EXERCISE DIRECTIONS: Filter task. Return each line of the material that holds the string "railway".

DATA FOR THE TASK:

--------------------

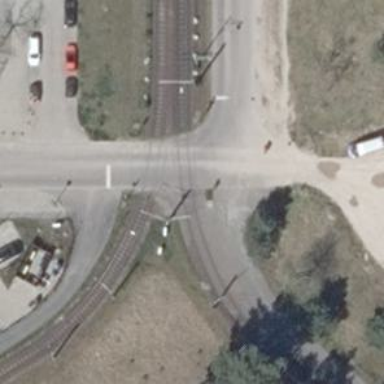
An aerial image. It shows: Tram railway with contact lines for electrification.
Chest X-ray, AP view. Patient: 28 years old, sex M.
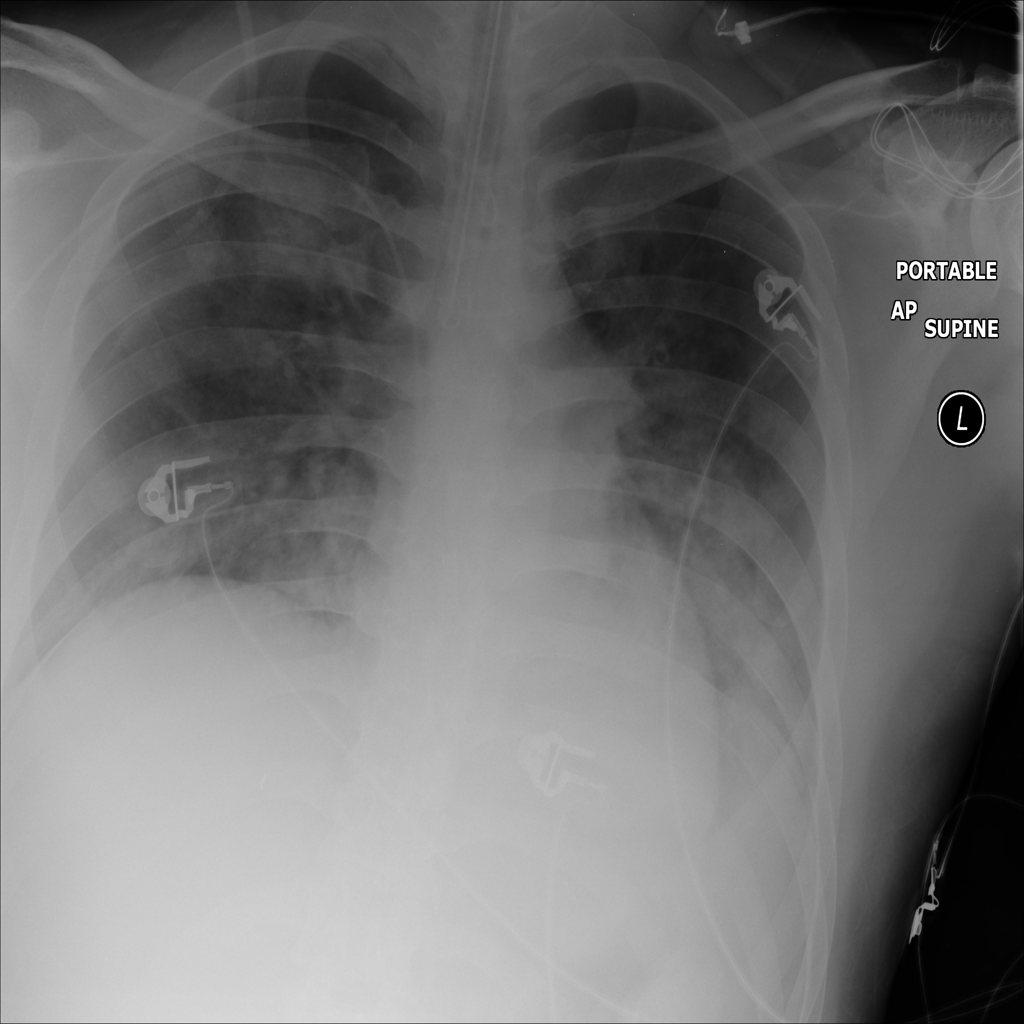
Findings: No Finding
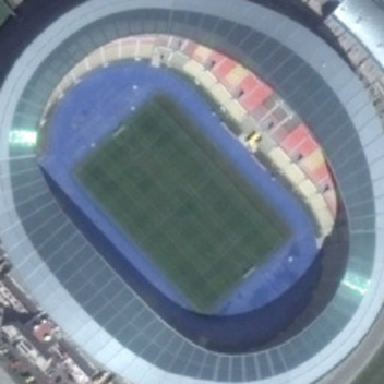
There are many spectators in the stadium .
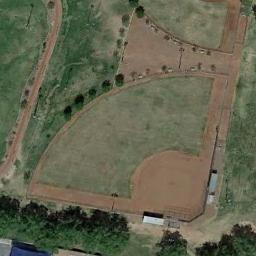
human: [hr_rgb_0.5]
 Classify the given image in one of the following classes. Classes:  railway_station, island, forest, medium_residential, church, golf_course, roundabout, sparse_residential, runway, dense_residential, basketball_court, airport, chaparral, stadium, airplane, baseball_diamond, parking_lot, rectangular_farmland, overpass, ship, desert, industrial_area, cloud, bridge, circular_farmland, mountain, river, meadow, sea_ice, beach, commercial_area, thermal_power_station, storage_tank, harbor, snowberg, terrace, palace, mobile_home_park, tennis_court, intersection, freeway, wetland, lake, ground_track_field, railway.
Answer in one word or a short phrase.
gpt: baseball_diamond
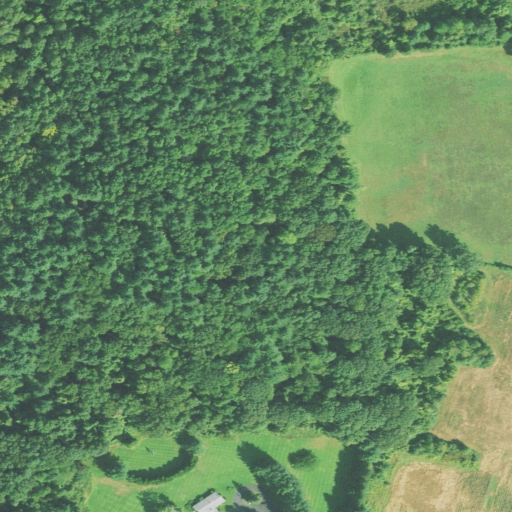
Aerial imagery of mountain in Connecticut named Buck Hill containing deciduous forest, mixed forest, evergreen forest, cultivated crops, and pasture
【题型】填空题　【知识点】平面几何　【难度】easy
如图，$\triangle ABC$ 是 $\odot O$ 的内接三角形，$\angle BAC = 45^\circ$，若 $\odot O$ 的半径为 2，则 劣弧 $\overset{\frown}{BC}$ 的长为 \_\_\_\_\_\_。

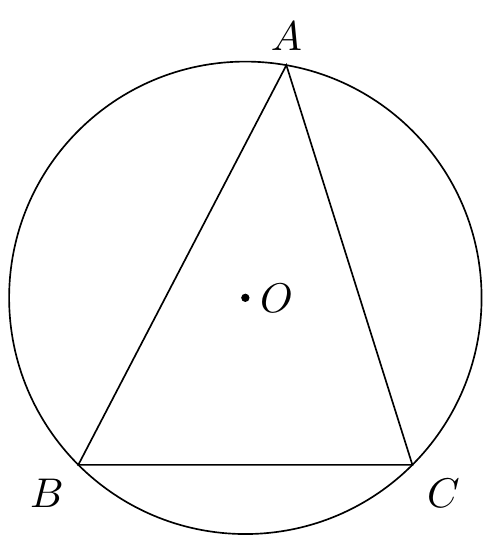
【解答】
解：连接 $BO, CO$，如图所示：

$\because \angle BAC = 45^\circ$，$BC = BC$,

$\therefore \angle BOC = 90^\circ$,

$\therefore$ 劣弧 $\overset{\frown}{BC} = \frac{90^\circ \times \pi \times 2}{180^\circ} = \pi$,

故答案为：$\pi$。
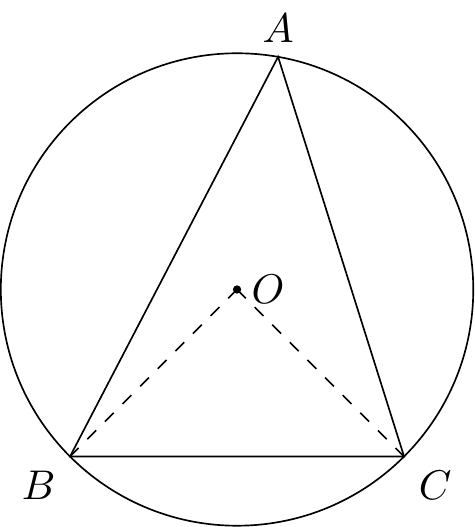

--------------------

RESPONSE TO THE TASK:
An aerial image. It shows: Tram railway with contact lines for electrification.
 Classify the given image in one of the following classes. Classes:  railway_station, island, forest, medium_residential, church, golf_course, roundabout, sparse_residential, runway, dense_residential, basketball_court, airport, chaparral, stadium, airplane, baseball_diamond, parking_lot, rectangular_farmland, overpass, ship, desert, industrial_area, cloud, bridge, circular_farmland, mountain, river, meadow, sea_ice, beach, commercial_area, thermal_power_station, storage_tank, harbor, snowberg, terrace, palace, mobile_home_park, tennis_court, intersection, freeway, wetland, lake, ground_track_field, railway.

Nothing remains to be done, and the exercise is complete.